__SUPPLIED MATERIAL__.
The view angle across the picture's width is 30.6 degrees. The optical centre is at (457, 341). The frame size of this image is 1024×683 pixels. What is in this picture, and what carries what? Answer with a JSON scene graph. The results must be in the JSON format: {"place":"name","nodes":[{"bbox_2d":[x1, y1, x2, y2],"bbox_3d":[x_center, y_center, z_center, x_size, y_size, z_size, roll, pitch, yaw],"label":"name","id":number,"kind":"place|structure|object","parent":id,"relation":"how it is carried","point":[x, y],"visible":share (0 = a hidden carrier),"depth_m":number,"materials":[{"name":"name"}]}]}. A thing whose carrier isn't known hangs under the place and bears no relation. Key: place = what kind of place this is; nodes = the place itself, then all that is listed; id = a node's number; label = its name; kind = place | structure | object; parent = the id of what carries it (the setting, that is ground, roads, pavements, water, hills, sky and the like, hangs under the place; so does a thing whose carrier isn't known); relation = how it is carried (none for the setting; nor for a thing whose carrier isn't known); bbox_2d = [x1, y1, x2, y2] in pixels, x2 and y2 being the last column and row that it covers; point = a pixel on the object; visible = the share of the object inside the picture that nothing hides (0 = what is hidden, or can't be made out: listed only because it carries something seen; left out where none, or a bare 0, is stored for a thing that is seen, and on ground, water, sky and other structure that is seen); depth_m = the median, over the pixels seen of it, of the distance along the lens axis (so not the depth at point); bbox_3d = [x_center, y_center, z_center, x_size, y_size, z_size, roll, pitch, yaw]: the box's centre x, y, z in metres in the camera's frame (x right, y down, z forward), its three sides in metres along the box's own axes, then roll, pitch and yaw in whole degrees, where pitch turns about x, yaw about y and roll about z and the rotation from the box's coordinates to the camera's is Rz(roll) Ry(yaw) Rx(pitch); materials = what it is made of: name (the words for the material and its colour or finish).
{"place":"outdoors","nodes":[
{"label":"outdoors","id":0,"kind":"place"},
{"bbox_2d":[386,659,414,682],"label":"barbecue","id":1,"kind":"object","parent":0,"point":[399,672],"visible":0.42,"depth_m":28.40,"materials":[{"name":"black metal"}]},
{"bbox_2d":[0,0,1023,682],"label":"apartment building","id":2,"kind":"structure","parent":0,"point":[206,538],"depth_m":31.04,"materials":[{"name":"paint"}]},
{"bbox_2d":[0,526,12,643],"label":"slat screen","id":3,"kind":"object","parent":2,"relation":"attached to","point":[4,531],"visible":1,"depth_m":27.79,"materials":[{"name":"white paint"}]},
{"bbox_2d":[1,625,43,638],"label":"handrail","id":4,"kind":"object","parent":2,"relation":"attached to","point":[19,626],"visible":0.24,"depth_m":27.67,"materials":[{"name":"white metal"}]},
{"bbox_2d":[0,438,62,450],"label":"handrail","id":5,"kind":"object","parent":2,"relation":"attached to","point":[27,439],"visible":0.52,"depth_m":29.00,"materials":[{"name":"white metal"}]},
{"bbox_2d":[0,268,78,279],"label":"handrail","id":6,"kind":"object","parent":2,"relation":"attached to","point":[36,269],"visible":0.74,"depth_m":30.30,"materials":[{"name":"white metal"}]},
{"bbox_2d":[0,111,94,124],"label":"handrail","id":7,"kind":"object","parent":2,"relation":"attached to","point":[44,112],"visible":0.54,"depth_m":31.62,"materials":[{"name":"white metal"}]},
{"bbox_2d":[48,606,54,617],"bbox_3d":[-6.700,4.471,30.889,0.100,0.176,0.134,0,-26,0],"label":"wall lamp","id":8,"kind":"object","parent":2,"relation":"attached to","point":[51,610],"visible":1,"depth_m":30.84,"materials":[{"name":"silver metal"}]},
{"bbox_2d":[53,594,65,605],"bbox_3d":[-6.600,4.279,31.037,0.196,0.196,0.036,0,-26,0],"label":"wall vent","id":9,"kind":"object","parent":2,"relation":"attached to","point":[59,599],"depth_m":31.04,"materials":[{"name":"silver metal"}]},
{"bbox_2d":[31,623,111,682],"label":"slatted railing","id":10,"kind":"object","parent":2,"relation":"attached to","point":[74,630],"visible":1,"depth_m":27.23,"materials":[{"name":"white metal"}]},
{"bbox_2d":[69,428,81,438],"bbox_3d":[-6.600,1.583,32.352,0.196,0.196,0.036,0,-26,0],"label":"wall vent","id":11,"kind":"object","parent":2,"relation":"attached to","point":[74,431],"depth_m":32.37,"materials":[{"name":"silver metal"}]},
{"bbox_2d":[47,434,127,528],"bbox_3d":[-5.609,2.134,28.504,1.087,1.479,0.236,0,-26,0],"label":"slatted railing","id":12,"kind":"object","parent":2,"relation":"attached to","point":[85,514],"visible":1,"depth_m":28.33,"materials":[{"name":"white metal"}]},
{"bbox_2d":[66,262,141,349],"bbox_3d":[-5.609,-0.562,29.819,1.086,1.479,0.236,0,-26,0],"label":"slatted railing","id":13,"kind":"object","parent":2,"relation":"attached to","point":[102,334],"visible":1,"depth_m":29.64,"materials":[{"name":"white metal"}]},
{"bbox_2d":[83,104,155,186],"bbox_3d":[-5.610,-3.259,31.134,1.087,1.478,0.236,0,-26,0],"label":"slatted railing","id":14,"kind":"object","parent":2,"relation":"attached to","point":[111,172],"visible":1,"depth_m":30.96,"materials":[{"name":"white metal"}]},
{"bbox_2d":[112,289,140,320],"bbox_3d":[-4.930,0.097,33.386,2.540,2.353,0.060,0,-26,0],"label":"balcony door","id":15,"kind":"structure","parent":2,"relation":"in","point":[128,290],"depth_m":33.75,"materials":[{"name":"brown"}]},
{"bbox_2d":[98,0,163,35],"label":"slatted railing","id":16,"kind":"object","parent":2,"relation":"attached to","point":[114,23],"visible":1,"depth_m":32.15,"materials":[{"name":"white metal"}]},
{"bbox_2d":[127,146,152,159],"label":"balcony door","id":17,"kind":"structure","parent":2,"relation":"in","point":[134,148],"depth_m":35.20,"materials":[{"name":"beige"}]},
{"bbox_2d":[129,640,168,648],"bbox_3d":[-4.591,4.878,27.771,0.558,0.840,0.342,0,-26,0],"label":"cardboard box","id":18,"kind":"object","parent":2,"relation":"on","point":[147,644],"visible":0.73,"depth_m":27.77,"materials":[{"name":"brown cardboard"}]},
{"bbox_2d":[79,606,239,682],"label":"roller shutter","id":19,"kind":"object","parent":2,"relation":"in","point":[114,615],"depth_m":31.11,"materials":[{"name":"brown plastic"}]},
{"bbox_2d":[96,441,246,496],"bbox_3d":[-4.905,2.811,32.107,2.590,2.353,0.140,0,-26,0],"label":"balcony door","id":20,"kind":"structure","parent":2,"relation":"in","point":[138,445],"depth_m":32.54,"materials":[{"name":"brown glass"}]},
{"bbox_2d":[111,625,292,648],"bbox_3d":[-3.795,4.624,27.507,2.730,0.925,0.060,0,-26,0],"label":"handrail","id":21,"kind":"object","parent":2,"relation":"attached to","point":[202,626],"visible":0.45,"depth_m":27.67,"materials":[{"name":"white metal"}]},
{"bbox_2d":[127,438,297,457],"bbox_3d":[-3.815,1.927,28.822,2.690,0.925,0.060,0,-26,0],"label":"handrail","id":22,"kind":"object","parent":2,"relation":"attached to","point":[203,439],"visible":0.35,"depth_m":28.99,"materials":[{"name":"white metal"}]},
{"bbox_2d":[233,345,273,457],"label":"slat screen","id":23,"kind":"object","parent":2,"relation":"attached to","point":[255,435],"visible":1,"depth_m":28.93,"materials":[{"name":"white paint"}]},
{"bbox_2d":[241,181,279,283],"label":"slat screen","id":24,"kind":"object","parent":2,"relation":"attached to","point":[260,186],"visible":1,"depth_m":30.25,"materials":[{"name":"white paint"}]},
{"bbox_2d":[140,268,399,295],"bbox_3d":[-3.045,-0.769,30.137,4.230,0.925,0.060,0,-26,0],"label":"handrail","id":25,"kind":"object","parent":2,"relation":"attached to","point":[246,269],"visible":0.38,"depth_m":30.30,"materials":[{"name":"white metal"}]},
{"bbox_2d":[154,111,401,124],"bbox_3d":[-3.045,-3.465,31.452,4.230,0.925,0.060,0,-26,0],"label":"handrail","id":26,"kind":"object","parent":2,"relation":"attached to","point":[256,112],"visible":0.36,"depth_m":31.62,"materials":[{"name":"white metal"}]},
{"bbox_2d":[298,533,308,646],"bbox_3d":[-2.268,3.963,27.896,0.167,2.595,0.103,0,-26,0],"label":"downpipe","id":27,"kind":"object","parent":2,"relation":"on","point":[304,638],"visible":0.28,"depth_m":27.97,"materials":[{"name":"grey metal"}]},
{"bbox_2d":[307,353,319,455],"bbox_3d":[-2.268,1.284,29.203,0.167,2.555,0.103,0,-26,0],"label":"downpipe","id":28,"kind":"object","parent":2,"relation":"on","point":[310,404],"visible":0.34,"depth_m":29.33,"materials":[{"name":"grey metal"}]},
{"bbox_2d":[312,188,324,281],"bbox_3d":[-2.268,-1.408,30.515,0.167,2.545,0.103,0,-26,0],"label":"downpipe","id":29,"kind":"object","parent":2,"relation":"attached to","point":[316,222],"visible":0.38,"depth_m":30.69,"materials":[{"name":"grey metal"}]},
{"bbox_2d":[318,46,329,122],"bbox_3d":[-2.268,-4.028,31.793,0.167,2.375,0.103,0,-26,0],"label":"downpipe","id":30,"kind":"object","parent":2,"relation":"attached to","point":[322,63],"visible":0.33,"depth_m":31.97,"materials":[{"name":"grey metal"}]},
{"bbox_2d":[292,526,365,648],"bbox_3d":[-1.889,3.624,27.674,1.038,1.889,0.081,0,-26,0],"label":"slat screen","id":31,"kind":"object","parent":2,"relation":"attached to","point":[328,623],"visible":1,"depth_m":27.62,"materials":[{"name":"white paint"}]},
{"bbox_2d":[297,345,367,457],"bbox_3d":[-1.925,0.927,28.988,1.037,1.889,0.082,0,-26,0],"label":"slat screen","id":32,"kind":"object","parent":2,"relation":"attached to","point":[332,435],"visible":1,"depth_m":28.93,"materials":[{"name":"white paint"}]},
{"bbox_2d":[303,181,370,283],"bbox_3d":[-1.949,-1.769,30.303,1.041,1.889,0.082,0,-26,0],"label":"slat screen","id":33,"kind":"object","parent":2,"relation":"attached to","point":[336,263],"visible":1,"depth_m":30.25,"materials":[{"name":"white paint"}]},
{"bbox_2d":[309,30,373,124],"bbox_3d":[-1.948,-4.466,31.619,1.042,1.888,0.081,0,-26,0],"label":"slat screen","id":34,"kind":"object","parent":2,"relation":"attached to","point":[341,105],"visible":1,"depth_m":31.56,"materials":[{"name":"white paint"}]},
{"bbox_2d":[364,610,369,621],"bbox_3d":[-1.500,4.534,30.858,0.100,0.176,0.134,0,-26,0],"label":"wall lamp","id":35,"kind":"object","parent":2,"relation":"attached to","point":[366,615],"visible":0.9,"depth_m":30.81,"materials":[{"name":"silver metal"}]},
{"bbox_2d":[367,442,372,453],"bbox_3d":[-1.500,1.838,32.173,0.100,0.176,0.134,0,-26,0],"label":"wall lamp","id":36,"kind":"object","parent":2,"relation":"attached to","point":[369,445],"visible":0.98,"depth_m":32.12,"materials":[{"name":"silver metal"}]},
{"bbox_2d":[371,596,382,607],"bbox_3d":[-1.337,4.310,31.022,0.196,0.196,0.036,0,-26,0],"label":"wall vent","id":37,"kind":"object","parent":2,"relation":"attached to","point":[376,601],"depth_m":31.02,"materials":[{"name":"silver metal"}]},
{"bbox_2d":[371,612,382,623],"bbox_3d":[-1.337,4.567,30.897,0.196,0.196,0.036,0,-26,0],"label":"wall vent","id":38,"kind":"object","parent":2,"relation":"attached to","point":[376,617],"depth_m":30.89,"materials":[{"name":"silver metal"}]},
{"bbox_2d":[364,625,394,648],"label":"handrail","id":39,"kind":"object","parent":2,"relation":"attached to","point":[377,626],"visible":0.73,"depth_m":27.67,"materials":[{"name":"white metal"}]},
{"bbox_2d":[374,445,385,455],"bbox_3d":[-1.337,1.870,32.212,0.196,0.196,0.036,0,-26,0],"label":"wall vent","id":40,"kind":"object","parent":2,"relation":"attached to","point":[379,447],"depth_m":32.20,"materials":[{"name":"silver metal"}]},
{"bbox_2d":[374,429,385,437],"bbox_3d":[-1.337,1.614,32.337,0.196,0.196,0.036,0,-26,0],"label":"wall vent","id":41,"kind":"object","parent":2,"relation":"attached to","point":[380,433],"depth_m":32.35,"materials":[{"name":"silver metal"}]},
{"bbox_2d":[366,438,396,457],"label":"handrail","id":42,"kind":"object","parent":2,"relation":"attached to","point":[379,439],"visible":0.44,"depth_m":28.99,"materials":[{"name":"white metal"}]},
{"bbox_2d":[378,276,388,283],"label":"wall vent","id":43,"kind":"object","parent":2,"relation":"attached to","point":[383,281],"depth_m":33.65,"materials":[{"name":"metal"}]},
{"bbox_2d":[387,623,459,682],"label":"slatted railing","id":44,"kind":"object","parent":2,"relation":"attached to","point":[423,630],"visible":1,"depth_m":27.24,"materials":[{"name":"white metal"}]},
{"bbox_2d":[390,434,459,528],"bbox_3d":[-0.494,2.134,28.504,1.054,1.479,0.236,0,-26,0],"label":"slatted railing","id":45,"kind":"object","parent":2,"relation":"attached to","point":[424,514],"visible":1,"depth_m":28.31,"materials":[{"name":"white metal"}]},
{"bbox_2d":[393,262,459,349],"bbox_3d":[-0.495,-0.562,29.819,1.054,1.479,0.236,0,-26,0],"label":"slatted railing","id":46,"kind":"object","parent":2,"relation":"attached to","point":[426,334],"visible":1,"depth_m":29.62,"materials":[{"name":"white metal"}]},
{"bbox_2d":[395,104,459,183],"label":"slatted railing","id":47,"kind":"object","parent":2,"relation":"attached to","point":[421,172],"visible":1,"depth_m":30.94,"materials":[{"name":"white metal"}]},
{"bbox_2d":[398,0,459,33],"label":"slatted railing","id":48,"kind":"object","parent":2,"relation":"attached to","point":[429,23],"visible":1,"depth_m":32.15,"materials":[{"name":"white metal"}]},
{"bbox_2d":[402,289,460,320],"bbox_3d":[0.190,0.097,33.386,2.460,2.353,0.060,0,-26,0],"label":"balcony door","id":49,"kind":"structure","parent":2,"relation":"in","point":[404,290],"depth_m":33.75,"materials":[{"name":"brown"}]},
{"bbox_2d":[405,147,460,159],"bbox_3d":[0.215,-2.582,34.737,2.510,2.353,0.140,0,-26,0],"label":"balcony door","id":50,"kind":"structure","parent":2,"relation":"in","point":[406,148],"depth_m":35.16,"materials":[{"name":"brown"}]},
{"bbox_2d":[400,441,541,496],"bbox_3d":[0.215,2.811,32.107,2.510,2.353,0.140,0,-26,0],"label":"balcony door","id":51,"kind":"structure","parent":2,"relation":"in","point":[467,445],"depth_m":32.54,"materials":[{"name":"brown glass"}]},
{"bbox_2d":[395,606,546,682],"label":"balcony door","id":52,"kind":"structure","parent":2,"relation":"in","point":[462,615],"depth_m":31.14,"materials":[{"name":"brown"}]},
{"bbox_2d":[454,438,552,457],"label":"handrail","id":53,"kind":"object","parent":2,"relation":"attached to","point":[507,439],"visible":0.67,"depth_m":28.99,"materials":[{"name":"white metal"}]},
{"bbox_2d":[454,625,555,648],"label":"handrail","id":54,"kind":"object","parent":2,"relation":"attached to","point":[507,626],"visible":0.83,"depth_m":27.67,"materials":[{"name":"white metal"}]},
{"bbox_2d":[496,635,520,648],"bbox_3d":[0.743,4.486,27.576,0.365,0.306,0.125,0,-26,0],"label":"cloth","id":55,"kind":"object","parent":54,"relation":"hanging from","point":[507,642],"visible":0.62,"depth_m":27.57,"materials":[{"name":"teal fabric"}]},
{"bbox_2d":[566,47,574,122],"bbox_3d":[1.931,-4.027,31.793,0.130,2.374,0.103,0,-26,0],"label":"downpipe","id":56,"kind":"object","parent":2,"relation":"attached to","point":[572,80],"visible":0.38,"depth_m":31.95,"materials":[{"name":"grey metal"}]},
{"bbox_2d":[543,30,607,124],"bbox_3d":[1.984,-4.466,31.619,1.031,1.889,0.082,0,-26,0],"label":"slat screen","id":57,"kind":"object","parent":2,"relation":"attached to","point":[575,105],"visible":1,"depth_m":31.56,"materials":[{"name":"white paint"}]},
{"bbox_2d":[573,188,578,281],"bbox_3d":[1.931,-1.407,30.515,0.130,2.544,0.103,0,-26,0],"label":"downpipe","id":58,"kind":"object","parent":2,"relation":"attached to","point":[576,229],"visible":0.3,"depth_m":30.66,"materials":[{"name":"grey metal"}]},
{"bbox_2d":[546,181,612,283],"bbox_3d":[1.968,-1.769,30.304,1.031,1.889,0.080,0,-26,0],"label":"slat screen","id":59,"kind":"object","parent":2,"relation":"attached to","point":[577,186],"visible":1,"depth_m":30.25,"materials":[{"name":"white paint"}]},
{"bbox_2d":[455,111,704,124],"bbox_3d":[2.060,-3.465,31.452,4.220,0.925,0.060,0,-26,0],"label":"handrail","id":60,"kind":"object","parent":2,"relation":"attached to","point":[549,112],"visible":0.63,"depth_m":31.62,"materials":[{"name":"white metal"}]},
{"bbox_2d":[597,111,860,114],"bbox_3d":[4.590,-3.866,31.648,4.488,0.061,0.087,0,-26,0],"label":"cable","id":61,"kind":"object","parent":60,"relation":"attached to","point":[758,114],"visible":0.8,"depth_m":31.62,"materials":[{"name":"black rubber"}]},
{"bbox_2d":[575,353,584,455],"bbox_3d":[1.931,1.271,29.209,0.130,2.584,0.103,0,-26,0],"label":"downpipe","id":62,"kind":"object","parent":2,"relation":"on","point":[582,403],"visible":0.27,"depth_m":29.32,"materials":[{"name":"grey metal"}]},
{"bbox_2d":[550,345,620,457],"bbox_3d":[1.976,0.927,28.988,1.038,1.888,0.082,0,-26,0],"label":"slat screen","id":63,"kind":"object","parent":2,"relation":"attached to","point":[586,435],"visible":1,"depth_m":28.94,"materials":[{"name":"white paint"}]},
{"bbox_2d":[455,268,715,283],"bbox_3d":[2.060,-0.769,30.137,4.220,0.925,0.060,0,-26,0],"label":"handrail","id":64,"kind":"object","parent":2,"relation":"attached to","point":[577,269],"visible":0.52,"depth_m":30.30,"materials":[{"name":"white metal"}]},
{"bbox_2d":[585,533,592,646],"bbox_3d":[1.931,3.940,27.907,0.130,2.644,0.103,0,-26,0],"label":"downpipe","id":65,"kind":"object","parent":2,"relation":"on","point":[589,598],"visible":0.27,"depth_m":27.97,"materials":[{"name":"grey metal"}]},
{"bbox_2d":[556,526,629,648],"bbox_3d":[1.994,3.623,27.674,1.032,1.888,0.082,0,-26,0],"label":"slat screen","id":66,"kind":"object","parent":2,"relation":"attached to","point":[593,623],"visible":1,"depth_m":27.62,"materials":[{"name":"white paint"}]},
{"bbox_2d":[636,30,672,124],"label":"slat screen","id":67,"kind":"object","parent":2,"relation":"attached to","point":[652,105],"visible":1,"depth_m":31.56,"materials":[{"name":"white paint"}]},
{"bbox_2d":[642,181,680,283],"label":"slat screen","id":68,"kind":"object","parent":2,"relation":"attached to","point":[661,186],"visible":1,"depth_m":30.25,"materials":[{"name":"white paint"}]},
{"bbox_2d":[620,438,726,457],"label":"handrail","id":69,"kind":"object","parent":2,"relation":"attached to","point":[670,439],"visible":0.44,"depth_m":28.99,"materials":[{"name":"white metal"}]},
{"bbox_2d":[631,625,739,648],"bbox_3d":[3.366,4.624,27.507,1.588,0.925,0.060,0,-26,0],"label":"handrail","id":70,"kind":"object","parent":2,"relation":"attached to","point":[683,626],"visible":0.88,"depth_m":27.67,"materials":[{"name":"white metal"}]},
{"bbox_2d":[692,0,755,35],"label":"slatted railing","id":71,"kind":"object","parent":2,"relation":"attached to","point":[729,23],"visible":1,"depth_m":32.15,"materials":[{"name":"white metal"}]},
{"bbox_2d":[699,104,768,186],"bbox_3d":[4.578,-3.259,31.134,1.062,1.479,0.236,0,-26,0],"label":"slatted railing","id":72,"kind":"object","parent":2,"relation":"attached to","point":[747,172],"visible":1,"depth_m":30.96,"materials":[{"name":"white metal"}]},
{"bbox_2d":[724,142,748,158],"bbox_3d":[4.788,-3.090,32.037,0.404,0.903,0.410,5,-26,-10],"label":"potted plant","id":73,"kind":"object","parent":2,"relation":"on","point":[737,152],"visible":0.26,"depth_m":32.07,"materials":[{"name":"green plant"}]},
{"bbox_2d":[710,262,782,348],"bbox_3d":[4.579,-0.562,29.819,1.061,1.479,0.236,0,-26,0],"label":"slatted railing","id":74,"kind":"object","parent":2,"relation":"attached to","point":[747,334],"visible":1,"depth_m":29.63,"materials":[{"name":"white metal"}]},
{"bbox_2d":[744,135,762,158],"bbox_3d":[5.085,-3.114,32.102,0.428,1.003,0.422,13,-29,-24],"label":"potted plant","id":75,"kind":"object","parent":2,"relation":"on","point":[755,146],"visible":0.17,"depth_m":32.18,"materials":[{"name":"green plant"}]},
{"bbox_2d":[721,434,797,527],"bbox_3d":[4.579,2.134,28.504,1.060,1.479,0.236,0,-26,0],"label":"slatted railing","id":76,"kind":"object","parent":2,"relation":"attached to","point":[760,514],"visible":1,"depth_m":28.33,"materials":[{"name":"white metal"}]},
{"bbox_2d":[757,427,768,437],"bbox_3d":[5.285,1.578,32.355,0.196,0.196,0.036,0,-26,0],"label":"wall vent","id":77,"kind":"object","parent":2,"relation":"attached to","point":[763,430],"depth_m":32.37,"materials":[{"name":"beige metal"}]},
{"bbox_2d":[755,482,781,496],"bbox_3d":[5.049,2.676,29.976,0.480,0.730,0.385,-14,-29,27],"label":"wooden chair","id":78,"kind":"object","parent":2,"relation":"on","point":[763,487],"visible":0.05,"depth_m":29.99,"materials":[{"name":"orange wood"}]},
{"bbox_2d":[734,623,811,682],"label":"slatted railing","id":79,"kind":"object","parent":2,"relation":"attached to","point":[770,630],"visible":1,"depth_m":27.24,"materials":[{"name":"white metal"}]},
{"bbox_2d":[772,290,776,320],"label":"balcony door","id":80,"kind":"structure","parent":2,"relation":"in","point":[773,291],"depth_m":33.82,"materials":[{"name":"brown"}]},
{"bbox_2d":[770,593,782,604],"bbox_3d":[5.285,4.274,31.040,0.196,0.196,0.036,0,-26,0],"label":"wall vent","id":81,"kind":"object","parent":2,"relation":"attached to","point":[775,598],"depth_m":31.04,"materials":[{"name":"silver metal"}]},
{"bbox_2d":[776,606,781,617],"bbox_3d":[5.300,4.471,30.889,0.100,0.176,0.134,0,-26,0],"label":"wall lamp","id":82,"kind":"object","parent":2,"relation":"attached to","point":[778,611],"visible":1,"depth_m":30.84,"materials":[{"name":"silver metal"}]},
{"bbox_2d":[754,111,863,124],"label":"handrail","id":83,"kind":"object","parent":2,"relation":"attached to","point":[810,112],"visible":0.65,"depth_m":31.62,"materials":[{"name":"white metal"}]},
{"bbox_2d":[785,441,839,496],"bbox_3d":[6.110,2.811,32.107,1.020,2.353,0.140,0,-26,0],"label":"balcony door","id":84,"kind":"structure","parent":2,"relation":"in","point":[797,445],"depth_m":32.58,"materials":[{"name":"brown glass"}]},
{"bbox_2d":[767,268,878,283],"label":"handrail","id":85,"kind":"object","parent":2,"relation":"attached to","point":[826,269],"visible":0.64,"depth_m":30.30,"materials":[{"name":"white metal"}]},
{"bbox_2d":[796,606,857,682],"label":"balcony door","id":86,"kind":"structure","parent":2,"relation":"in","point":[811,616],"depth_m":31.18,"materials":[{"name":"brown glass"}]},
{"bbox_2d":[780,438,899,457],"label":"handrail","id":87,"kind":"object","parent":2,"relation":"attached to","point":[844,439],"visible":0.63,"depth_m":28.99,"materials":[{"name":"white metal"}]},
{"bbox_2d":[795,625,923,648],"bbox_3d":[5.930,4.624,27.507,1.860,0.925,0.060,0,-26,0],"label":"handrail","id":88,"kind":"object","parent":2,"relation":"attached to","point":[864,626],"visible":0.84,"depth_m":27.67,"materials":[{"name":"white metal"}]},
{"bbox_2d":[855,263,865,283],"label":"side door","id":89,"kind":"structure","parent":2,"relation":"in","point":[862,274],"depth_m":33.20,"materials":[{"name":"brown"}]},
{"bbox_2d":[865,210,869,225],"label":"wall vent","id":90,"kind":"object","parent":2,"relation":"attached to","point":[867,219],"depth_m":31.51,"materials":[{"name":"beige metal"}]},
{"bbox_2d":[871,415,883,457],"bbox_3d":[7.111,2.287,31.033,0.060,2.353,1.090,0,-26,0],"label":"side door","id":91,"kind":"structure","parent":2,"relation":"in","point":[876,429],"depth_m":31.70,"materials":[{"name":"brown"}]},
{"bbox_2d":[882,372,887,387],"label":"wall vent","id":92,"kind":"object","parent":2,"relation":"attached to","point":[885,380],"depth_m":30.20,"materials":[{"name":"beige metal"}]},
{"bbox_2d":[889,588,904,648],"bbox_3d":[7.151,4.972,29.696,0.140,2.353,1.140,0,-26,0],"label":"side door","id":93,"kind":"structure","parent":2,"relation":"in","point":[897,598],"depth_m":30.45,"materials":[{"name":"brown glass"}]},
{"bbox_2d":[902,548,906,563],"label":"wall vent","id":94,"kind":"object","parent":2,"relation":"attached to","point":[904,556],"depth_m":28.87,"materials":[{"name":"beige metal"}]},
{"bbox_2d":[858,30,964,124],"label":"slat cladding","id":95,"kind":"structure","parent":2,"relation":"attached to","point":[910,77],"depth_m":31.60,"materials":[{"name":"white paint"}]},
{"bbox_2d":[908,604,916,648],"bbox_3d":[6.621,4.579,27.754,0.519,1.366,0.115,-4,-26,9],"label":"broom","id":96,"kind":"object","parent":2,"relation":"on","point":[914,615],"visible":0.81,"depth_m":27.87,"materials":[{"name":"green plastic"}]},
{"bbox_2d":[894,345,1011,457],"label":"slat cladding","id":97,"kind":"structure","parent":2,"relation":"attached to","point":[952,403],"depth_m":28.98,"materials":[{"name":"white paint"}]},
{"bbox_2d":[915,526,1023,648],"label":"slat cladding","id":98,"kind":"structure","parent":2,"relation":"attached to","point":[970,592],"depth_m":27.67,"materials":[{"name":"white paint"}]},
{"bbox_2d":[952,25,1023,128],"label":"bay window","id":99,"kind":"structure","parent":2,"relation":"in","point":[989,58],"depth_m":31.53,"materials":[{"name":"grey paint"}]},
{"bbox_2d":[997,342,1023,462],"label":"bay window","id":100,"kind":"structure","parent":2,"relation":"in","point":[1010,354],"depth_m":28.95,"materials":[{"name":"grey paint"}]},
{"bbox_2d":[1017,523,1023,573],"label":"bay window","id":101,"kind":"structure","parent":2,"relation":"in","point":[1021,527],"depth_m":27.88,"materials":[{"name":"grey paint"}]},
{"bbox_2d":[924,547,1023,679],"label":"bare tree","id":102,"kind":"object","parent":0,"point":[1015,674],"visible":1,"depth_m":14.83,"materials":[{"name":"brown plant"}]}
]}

__WORK ORDER__. All lines with the word "outdoors" must be located in the data and copied.

__REPLY TO THE TASK__.
{"place":"outdoors","nodes":[
{"label":"outdoors","id":0,"kind":"place"},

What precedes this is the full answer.